- What needs to be done
Spot each line in the data below containing "feature" and copy it.

- Data for the task
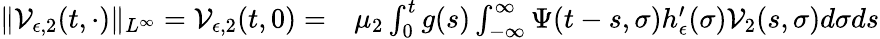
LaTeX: \begin{array}{rl}{\| \mathcal{V}_{\epsilon,2}(t,\cdot)\| _{L^{\infty}}=\mathcal{V}_{\epsilon,2}(t,0)=}&{{}\mu_{2}\int_{0}^{t}g(s)\int_{-\infty}^{\infty}\Psi(t-s,\sigma)h_{\epsilon}^{\prime}(\sigma)\mathcal{V}_{2}(s,\sigma)d\sigma ds}\end{array}
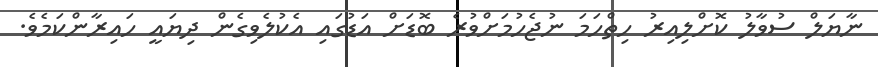
ނާޔަލް ސުވާލު ކޮށްލިއިރު ހިތްހަމަ ނުޖެހުމަށްވުރެ ބޮޑަށް އަޑުގައި އެކުލެވިގެން ދިޔައީ ހައިރާންކަމެވެ.
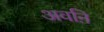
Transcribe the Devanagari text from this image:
अवऩि
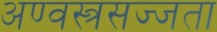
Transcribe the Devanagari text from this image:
अण्वस्त्रसज्जता
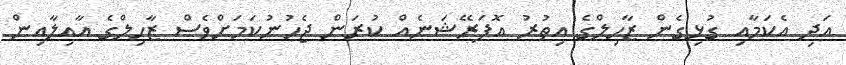
އަދި އެކަމާއި ގުޅިގެން ޒާހިލްގެ އިތުރު އޮޕަރޭޝަނެއް ކުރަން ޖެހުނުކަމަށްވެސް ޒާހިލްގެ އާއިލާއިން
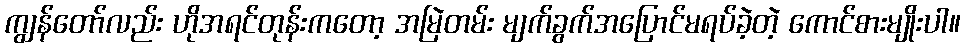
ကျွန်တော်လည်း ဟိုအရင်တုန်းကတော့ အမြဲတမ်း မျက်ခွက်အပြောင်မရပ်ခဲ့တဲ့ ကောင်စားမျိုးပါ။
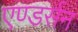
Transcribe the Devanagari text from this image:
एण्डर्सन
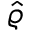
\hat { \varrho }
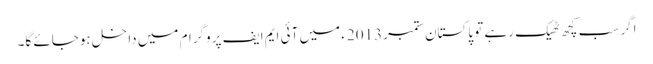
اگر سب کچھ ٹھیک رہے تو پاکستان ستمبر 2013ء میں آئی ایم ایف پروگرام میں داخل ہوجائے گا۔
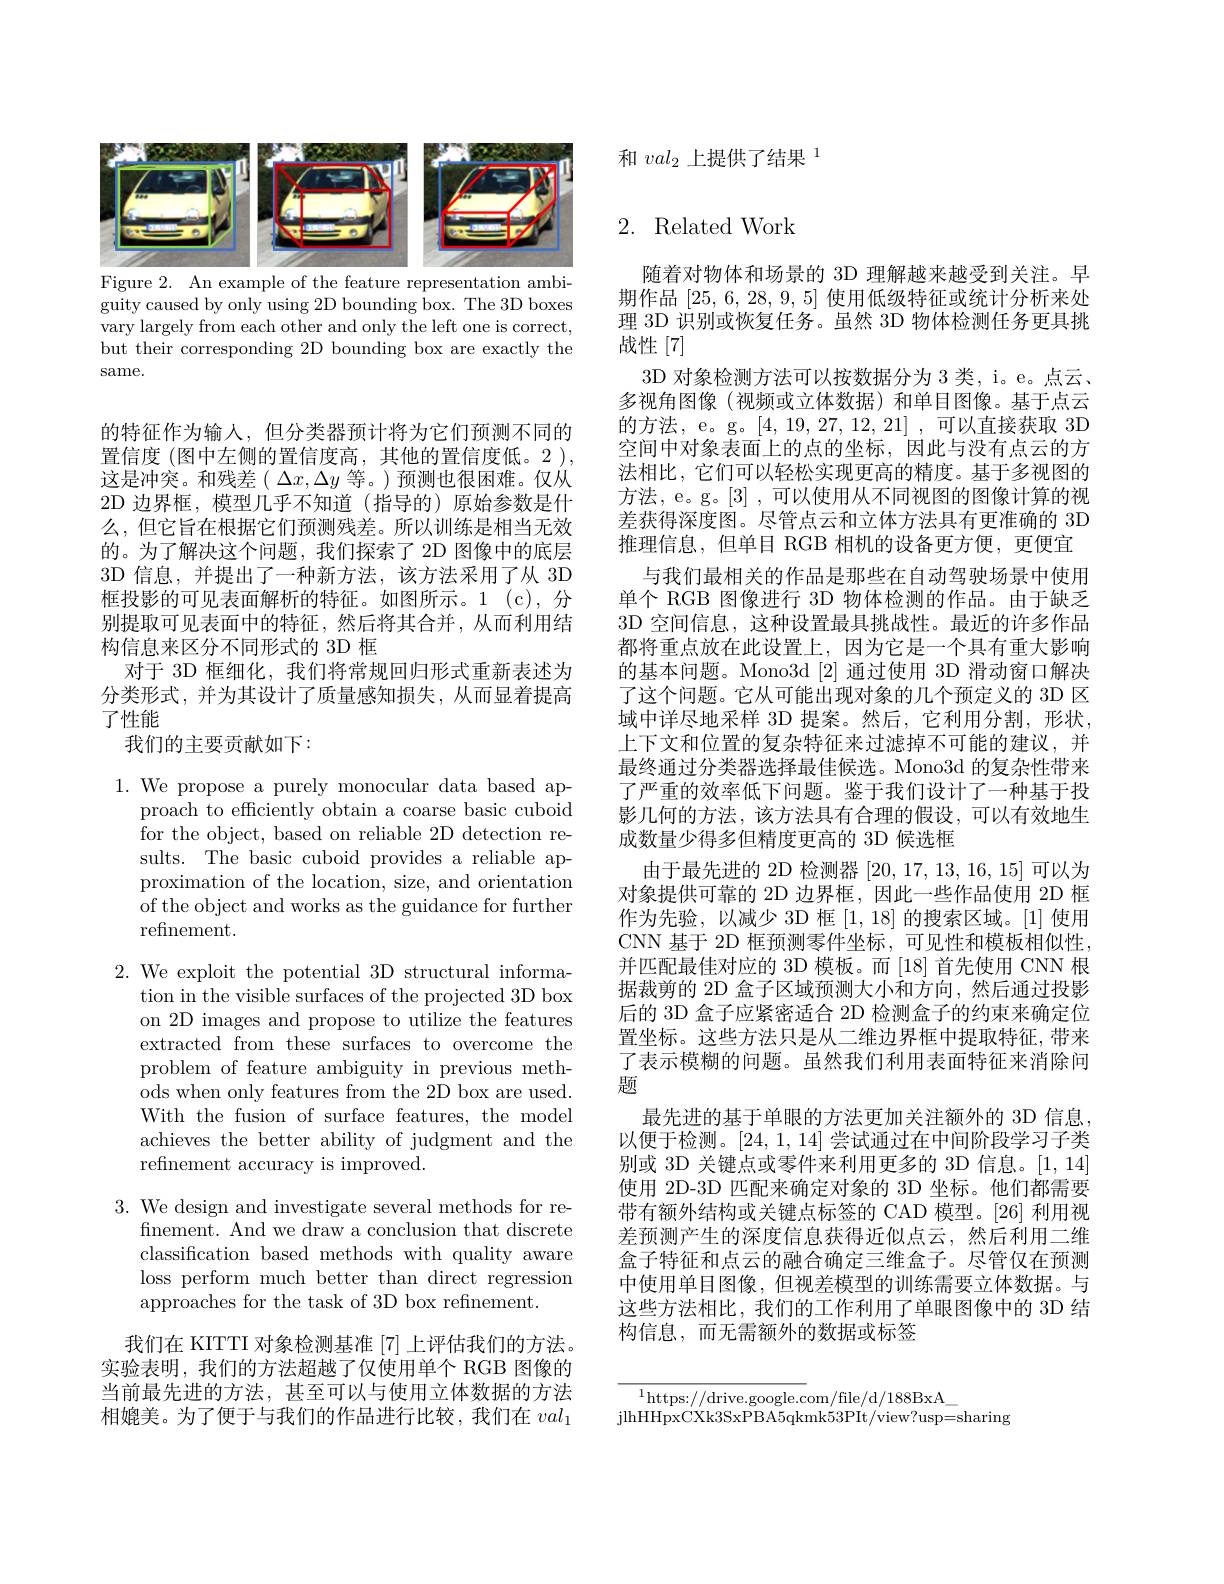
<FigureHere>
Figure 2. An example of the feature representation ambi-

guity caused by only using 2D bounding box. The 3D boxes vary largely from each other and only the left one is correct, but their corresponding 2D bounding box are exactly the same.

的特征作为输入，但分类器预计将为它们预测不同的置信度 (图中左侧的置信度高，其他的置信度低。2 ), 这是冲突。和残差( $\Delta x,\Delta y$等。)预测也很困难。仅从2D 边界框，模型几乎不知道(指导的)原始参数是什么，但它旨在根据它们预测残差。所以训练是相当无效的。为了解决这个问题，我们探索了 2D 图像中的底层3D 信息，并提出了一种新方法，该方法采用了从 3D 框投影的可见表面解析的特征。如图所示。1(c),分别提取可见表面中的特征，然后将其合并，从而利用结构信息来区分不同形式的 3D 框
对于 3D 框细化，我们将常规回归形式重新表述为分类形式，并为其设计了质量感知损失，从而显着提高了性能
我们的主要贡献如下：

1. We propose a purely monocular data based ap-
proach to efficiently obtain a coarse basic cuboid for the object, based on reliable 2D detection results. The basic cuboid provides a reliable approximation of the location, size, and orientation of the object and works as the guidance for further refinement.

2. We exploit the potential 3D structural informa-
tion in the visible surfaces of the projected 3D box on 2D images and propose to utilize the features extracted from these surfaces to overcome the problem of feature ambiguity in previous methods when only features from the 2D box are used. With the fusion of surface features, the model achieves the better ability of judgment and the refinement accuracy is improved.

3. We design and investigate several methods for re-
finement. And we draw a conclusion that discrete classification based methods with quality aware loss perform much better than direct regression approaches for the task of 3D box refnement.

我们在 KITTI 对象检测基准 [7] 上评估我们的方法。实验表明，我们的方法超越了仅使用单个 RGB 图像的当前最先进的方法，甚至可以与使用立体数据的方法相媲美。为了便于与我们的作品进行比较，我们在$val_1$

和$val_2$上提供了结果 1

# 2. Related Work

随着对物体和场景的 3D 理解越来越受到关注。早期作品[25,6,28,9,5]使用低级特征或统计分析来处理 3D 识别或恢复任务。虽然 3D 物体检测任务更具挑战性[7]
3D 对象检测方法可以按数据分为 3 类，i。e。点云多视角图像(视频或立体数据)和单目图像。基于点云的方法，e。g。[4,19,27,12,21],可以直接获取 3D 空间中对象表面上的点的坐标，因此与没有点云的方法相比，它们可以轻松实现更高的精度。基于多视图的方法，e。g。[3] ,可以使用从不同视图的图像计算的视差获得深度图。尽管点云和立体方法具有更准确的 3D 推理信息，但单目 RGB 相机的设备更方便，更便宜
与我们最相关的作品是那些在自动驾驶场景中使用单个 RGB 图像进行 3D 物体检测的作品。由于缺乏3D 空间信息，这种设置最具挑战性。最近的许多作品都将重点放在此设置上，因为它是一个具有重大影响的基本问题。Mono3d [2]通过使用 3D 滑动窗口解决了这个问题。它从可能出现对象的几个预定义的 3D 区域中详尽地采样 3D 提案。然后，它利用分割，形状， 上下文和位置的复杂特征来过滤掉不可能的建议，并最终通过分类器选择最佳候选。Mono3d 的复杂性带来了严重的效率低下问题。鉴于我们设计了一种基于投影几何的方法，该方法具有合理的假设，可以有效地生成数量少得多但精度更高的 3D 候选框
由于最先进的 2D 检测器[20,17,13,16,15]可以为对象提供可靠的 2D 边界框，因此一些作品使用 2D 框作为先验，以减少 3D 框[1,18]的搜索区域。[1] 使用CNN 基于 2D 框预测零件坐标，可见性和模板相似性， 并匹配最佳对应的 3D 模板。而[18]首先使用 CNN 根据裁剪的 2D 盒子区域预测大小和方向，然后通过投影后的 3D 盒子应紧密适合 2D 检测盒子的约束来确定位置坐标。这些方法只是从二维边界框中提取特征，带来了表示模糊的问题。虽然我们利用表面特征来消除问题
最先进的基于单眼的方法更加关注额外的 3D 信息以便于检测。[24,1,14]尝试通过在中间阶段学习子类别或 3D 关键点或零件来利用更多的 3D 信息。[1,14] 使用 2D-3D 匹配来确定对象的 3D 坐标。他们都需要带有额外结构或关键点标签的 CAD 模型。[26] 利用视差预测产生的深度信息获得近似点云，然后利用二维盒子特征和点云的融合确定三维盒子。尽管仅在预测中使用单目图像，但视差模型的训练需要立体数据。与这些方法相比，我们的工作利用了单眼图像中的 3D 结构信息，而无需额外的数据或标签

$^{1}$https://drive.google.com/file/d/188BxA\_
jlhHHpxCXk3SxPBA5qkmk53PIt/ view? usp= sharing

- Response
Figure 2. An example of the feature representation ambi-
tion in the visible surfaces of the projected 3D box on 2D images and propose to utilize the features extracted from these surfaces to overcome the problem of feature ambiguity in previous methods when only features from the 2D box are used. With the fusion of surface features, the model achieves the better ability of judgment and the refinement accuracy is improved.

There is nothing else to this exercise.